EXERCISE:
Give an unaltered copy of the listing below, minus its pictures.

________________________________________

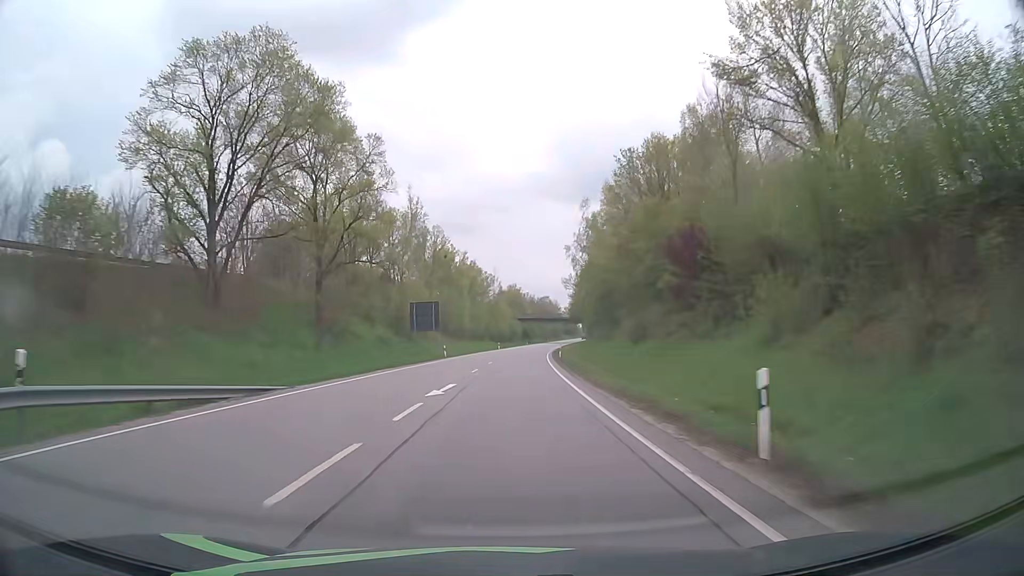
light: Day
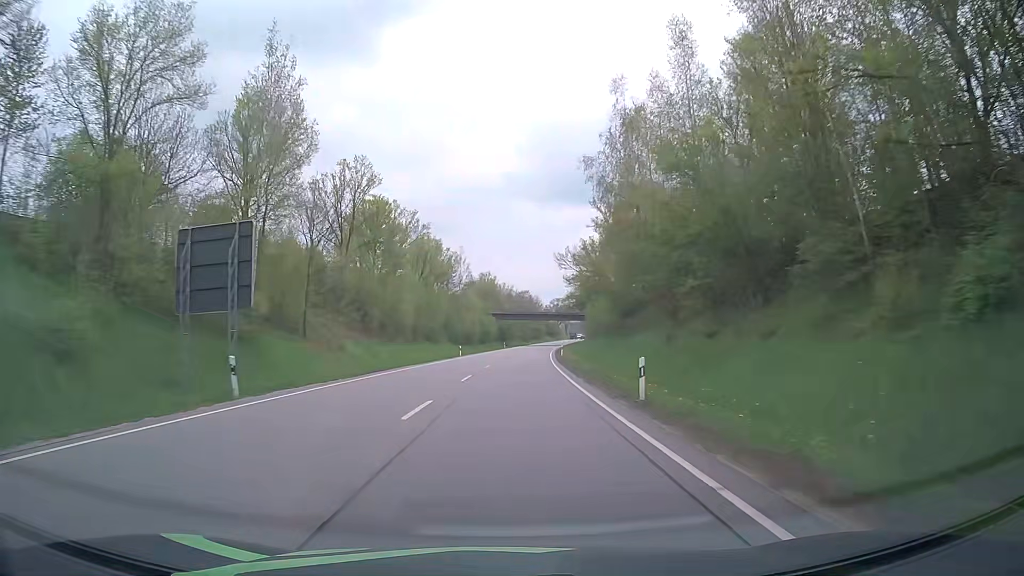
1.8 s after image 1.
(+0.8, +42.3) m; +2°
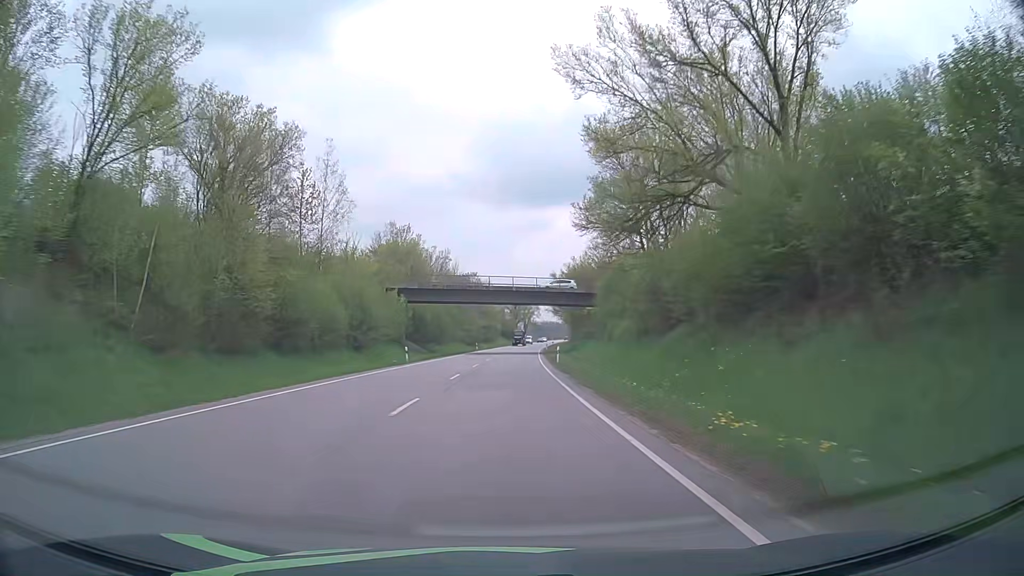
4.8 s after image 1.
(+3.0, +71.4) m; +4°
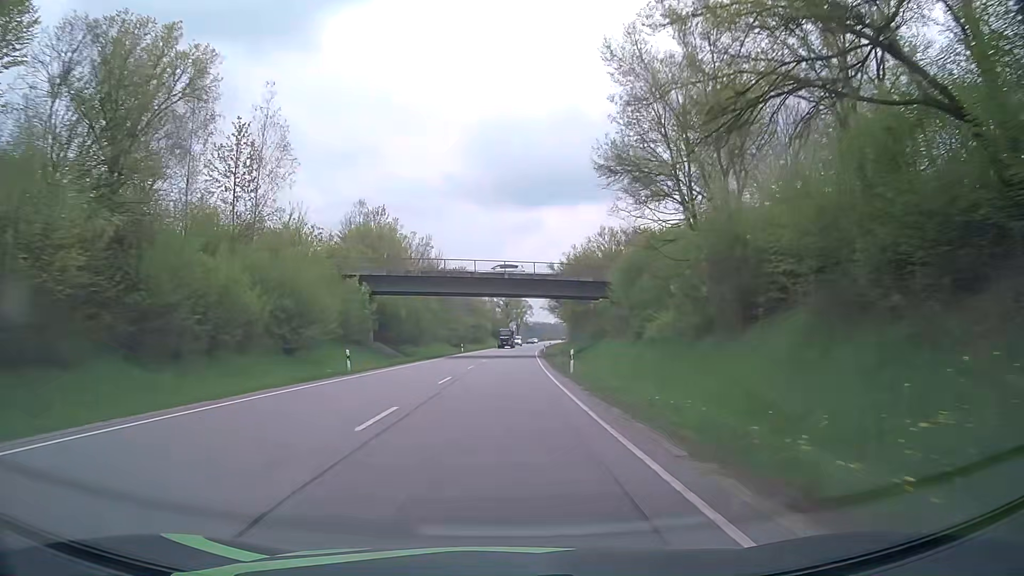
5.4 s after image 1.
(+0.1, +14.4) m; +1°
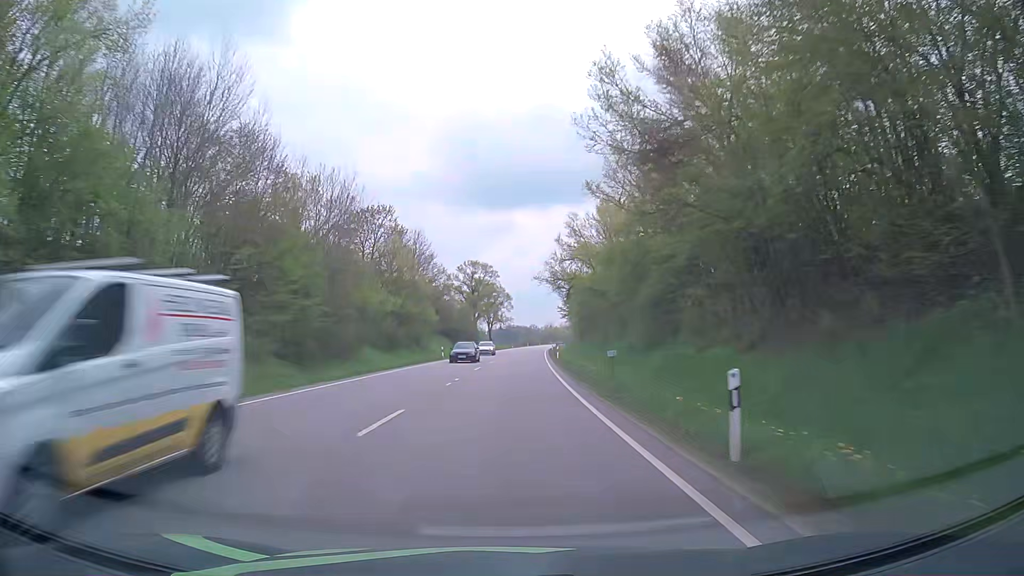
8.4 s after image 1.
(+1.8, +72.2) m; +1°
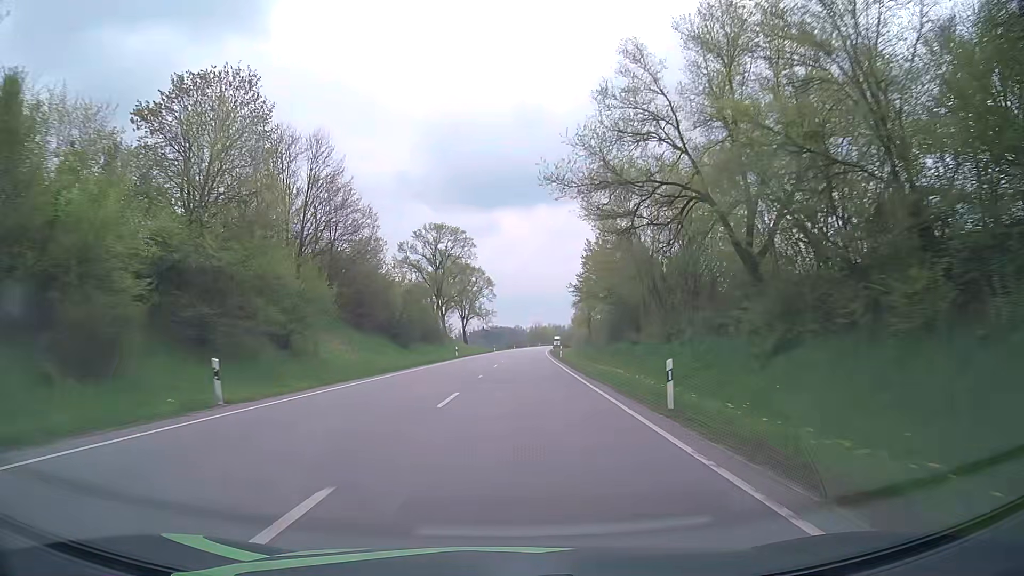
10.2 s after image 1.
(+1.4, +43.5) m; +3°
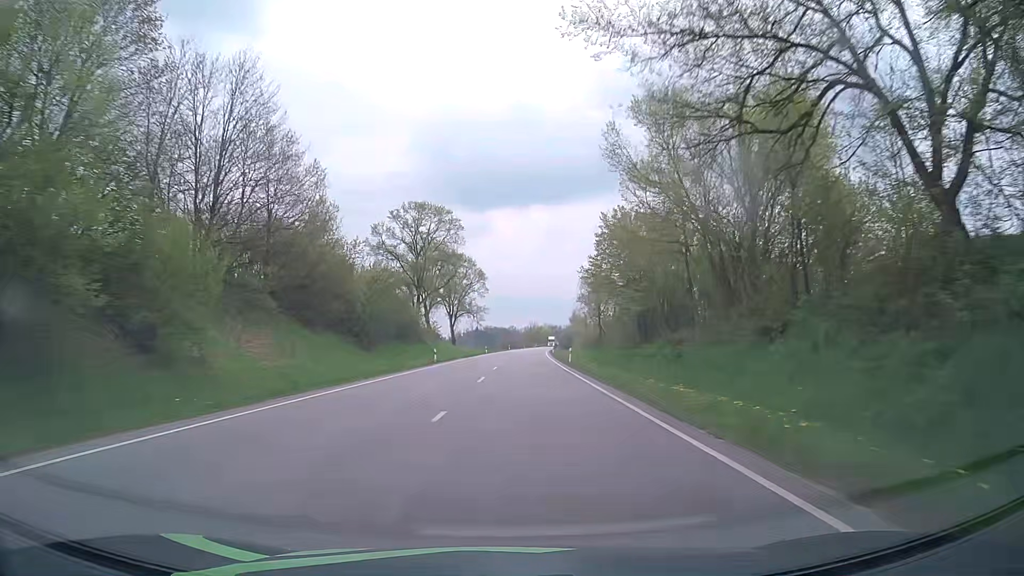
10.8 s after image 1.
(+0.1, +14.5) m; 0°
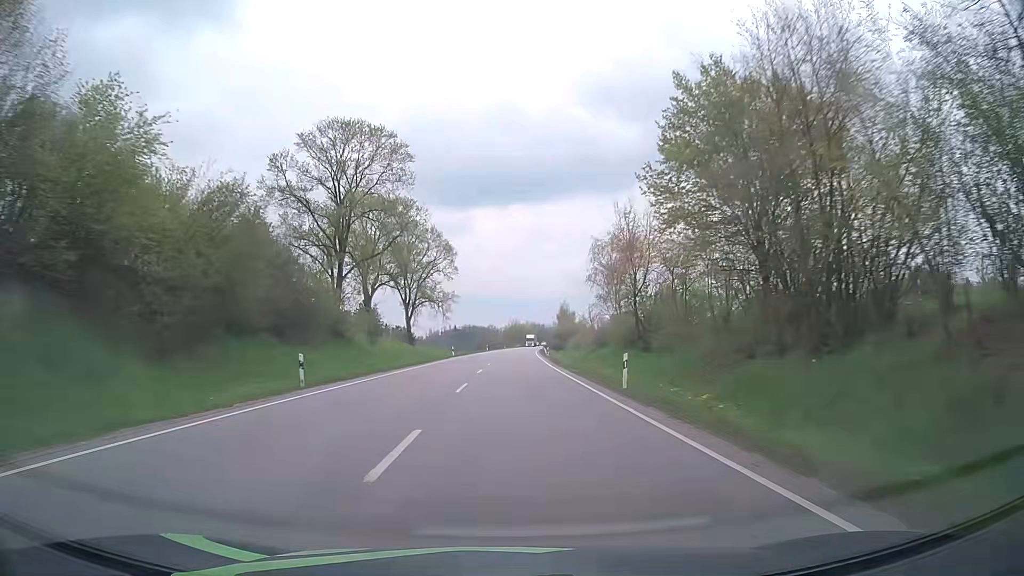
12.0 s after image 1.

________________________________________

TASK ANSWER:
light: Day
1.8 s after image 1.
(+0.8, +42.3) m; +2°
4.8 s after image 1.
(+3.0, +71.4) m; +4°
5.4 s after image 1.
(+0.1, +14.4) m; +1°
8.4 s after image 1.
(+1.8, +72.2) m; +1°
10.2 s after image 1.
(+1.4, +43.5) m; +3°
10.8 s after image 1.
(+0.1, +14.5) m; 0°
12.0 s after image 1.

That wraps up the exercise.